*YOUR OBJECTIVE*:
Below are some records; state how many of their lines contain the word "transform", and add nothing.
————
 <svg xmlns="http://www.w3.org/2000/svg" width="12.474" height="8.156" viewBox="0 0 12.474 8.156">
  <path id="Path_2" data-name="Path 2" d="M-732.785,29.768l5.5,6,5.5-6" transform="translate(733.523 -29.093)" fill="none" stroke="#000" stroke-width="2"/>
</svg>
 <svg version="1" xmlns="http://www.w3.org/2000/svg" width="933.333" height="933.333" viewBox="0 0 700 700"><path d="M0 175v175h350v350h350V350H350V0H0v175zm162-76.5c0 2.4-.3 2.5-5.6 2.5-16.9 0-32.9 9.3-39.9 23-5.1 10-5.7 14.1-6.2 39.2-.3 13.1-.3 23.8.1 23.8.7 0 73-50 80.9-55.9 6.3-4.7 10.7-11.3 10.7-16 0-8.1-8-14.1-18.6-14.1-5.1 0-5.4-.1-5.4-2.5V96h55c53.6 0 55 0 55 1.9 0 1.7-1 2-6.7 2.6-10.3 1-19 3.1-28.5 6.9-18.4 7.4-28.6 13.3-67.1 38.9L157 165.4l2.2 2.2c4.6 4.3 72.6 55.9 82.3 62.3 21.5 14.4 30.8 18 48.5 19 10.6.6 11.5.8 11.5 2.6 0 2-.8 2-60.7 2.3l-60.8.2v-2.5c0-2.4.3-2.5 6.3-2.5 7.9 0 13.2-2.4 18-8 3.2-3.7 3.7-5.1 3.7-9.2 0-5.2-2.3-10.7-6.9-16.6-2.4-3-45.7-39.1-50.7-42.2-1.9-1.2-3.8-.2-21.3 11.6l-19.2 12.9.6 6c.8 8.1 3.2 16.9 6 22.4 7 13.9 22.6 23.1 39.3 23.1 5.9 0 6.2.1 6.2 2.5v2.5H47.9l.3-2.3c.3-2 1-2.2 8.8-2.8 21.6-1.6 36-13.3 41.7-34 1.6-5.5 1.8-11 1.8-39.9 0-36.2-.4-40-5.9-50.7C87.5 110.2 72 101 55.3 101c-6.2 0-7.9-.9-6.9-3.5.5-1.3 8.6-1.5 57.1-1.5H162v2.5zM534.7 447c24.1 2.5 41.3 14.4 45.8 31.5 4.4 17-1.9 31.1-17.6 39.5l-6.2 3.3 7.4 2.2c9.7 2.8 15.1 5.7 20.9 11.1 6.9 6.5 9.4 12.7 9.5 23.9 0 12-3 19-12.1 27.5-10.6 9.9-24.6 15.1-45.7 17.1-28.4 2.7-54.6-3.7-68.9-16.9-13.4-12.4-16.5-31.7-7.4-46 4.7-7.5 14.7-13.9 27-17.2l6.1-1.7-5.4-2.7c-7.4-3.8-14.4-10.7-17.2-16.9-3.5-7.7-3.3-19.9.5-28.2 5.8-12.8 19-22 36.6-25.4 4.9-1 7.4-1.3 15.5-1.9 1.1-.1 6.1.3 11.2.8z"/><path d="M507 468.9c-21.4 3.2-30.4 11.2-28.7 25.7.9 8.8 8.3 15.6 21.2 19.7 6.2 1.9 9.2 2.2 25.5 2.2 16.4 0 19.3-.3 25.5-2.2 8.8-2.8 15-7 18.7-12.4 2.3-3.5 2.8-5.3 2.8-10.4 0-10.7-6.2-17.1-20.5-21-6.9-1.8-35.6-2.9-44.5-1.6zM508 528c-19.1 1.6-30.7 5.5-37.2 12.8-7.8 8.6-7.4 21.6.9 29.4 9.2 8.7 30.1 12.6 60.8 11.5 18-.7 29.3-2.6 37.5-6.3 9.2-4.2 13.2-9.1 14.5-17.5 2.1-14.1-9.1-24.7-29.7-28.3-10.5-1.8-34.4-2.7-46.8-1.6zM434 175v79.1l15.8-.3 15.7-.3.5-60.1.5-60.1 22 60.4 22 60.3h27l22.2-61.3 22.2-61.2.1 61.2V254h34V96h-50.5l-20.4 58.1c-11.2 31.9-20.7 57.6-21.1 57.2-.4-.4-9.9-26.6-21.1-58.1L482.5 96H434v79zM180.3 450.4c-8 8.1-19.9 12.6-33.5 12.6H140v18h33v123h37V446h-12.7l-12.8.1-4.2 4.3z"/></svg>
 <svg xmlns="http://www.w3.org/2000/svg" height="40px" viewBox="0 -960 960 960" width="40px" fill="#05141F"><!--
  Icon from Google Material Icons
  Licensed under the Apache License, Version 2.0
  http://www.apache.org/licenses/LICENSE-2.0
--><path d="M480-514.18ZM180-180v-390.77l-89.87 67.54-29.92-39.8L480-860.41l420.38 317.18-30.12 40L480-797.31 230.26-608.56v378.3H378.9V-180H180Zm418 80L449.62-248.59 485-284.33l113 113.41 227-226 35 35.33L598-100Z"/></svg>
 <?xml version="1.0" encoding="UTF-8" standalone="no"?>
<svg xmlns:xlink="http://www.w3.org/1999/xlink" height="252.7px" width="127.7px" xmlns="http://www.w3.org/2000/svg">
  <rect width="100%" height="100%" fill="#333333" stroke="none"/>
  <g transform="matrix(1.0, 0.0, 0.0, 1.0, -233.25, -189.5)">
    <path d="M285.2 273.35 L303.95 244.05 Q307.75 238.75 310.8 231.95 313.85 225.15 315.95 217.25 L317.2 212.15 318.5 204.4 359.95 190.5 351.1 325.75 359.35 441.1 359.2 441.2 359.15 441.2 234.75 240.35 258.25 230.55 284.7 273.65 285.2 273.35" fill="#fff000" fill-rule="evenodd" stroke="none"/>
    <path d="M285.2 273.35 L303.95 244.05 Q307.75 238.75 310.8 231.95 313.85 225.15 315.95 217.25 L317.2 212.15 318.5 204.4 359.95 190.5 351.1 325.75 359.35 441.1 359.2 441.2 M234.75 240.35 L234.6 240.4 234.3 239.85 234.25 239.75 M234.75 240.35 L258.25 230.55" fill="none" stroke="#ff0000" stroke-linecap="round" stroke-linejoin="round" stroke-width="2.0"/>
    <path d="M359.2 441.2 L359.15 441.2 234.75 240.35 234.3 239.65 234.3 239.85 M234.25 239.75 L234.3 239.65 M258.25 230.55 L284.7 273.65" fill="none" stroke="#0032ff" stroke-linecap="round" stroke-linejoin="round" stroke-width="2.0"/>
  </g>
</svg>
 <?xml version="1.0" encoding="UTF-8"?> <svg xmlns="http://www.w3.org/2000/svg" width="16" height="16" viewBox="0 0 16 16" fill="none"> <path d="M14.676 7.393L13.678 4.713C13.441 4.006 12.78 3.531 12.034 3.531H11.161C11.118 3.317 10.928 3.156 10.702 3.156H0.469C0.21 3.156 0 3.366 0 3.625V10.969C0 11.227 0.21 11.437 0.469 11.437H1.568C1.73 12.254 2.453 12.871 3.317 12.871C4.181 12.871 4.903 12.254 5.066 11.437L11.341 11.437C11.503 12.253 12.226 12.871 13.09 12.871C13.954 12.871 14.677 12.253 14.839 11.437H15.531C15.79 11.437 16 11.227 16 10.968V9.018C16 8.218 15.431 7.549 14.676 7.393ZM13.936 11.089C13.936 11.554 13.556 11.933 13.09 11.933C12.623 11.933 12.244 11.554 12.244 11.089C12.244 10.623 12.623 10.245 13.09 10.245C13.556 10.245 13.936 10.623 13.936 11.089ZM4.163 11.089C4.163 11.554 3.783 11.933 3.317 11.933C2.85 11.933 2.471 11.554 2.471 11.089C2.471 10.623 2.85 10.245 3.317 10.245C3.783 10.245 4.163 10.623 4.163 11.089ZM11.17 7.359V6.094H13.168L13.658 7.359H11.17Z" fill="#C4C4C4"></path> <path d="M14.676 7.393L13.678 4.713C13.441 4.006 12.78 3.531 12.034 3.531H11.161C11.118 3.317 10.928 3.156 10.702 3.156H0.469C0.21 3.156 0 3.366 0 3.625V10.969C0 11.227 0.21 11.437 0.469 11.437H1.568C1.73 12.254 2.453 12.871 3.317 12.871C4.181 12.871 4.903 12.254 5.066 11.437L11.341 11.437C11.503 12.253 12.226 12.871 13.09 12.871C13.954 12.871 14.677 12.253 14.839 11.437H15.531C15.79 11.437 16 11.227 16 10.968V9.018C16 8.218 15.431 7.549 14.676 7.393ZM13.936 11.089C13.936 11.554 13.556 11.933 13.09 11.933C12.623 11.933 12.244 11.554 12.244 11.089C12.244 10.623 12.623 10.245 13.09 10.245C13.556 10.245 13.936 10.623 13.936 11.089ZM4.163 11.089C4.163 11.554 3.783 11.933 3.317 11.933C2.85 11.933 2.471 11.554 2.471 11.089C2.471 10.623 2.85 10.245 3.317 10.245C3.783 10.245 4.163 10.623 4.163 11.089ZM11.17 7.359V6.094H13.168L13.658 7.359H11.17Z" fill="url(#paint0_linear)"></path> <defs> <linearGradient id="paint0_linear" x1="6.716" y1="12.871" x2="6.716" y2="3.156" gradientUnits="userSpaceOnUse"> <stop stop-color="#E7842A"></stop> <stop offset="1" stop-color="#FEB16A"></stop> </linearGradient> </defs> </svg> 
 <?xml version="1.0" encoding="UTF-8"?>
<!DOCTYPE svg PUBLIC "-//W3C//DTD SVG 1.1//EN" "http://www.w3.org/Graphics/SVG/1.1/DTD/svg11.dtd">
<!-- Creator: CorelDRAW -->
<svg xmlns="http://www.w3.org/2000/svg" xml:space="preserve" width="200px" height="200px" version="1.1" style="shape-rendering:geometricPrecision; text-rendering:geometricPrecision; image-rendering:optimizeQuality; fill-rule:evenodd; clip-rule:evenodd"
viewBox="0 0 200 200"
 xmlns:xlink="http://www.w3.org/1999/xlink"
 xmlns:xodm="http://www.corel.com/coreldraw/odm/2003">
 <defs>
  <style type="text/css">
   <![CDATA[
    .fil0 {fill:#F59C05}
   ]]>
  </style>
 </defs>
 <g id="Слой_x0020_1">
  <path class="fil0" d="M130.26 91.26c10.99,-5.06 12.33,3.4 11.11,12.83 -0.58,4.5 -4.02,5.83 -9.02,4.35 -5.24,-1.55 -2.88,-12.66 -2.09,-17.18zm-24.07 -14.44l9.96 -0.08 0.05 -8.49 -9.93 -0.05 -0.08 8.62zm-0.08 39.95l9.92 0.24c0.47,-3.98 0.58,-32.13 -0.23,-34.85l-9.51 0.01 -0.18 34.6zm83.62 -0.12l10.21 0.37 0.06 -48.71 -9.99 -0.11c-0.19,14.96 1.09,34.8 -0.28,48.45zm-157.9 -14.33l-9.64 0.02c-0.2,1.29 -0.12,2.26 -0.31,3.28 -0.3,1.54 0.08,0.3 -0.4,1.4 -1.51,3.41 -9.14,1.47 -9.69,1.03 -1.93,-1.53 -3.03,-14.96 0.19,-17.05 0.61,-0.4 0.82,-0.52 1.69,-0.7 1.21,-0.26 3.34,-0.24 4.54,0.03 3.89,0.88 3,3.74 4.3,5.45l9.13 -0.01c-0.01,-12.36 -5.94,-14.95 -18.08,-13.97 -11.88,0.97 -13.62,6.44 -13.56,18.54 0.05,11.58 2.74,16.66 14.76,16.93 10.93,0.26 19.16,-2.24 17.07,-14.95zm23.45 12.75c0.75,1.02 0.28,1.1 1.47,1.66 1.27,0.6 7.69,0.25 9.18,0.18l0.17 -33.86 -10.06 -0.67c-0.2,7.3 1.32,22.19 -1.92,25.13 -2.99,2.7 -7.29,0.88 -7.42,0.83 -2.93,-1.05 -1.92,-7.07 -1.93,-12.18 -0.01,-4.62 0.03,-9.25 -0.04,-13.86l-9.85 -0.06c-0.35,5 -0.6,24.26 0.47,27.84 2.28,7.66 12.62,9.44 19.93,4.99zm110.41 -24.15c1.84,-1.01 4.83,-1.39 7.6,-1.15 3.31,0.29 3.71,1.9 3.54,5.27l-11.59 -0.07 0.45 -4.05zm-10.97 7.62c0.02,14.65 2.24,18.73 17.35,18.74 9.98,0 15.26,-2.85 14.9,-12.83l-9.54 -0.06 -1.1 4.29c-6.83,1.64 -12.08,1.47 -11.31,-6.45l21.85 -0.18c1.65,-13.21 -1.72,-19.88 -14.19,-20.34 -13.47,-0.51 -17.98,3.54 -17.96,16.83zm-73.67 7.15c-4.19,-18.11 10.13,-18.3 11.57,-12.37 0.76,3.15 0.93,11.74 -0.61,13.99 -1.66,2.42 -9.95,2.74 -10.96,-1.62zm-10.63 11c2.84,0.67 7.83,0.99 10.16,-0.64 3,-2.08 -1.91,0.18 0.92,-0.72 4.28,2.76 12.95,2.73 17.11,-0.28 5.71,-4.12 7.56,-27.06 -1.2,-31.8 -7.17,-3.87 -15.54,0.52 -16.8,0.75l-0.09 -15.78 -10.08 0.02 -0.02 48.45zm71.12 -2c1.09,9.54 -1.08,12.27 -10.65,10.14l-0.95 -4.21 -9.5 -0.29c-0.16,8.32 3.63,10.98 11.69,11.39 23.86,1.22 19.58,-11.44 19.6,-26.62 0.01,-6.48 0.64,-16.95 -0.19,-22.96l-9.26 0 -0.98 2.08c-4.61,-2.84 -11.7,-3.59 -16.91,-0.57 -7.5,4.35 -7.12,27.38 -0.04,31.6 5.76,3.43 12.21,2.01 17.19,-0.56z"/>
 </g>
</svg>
————
*RESPONSE TO THIS EXERCISE*:
2